Items listed in a dataset:
BEGIN

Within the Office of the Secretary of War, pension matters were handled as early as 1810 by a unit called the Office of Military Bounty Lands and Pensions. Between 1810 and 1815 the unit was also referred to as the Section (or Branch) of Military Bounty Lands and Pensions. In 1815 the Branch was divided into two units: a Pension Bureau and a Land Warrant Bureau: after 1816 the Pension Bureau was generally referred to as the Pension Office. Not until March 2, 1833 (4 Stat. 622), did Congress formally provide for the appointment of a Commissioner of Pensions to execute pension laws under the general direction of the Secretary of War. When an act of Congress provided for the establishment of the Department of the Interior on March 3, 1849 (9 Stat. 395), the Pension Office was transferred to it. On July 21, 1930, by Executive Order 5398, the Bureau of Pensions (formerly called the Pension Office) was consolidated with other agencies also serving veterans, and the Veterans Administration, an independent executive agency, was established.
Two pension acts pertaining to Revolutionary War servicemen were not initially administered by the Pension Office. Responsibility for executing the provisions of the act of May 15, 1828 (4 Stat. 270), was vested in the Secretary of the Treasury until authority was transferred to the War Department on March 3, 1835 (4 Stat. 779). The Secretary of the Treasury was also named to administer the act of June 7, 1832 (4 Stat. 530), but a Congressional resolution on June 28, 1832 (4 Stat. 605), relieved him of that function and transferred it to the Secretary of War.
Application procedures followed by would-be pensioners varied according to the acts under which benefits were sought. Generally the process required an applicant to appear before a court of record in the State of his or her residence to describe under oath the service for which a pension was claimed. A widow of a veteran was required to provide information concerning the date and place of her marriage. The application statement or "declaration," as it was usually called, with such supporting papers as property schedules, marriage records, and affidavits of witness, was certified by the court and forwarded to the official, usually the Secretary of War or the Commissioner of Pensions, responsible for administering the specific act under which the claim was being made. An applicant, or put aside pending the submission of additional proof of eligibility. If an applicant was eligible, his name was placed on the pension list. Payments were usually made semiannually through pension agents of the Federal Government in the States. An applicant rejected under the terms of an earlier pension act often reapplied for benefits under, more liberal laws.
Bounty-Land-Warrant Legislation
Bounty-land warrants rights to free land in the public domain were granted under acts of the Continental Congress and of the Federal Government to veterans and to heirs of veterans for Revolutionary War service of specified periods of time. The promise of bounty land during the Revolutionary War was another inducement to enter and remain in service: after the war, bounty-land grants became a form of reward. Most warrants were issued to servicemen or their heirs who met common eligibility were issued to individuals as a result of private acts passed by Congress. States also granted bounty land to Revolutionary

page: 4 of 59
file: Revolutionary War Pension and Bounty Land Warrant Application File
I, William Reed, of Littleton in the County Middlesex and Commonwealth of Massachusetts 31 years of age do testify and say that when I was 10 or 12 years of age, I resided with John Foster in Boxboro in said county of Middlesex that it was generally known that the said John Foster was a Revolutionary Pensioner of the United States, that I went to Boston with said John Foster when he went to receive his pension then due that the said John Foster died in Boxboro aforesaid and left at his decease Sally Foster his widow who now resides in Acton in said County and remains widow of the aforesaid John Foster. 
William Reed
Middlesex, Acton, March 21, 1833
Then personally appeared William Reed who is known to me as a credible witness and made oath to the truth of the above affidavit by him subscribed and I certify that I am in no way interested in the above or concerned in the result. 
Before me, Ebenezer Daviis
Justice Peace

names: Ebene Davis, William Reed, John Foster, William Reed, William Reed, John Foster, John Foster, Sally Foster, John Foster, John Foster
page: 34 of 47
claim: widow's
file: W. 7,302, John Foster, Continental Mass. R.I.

END

Aim of the exercise: Copy out the line holding "claim: widow's" along with all lines after it through the end of the entries, exactly and only these.

Written solution:
claim: widow's
file: W. 7,302, John Foster, Continental Mass. R.I.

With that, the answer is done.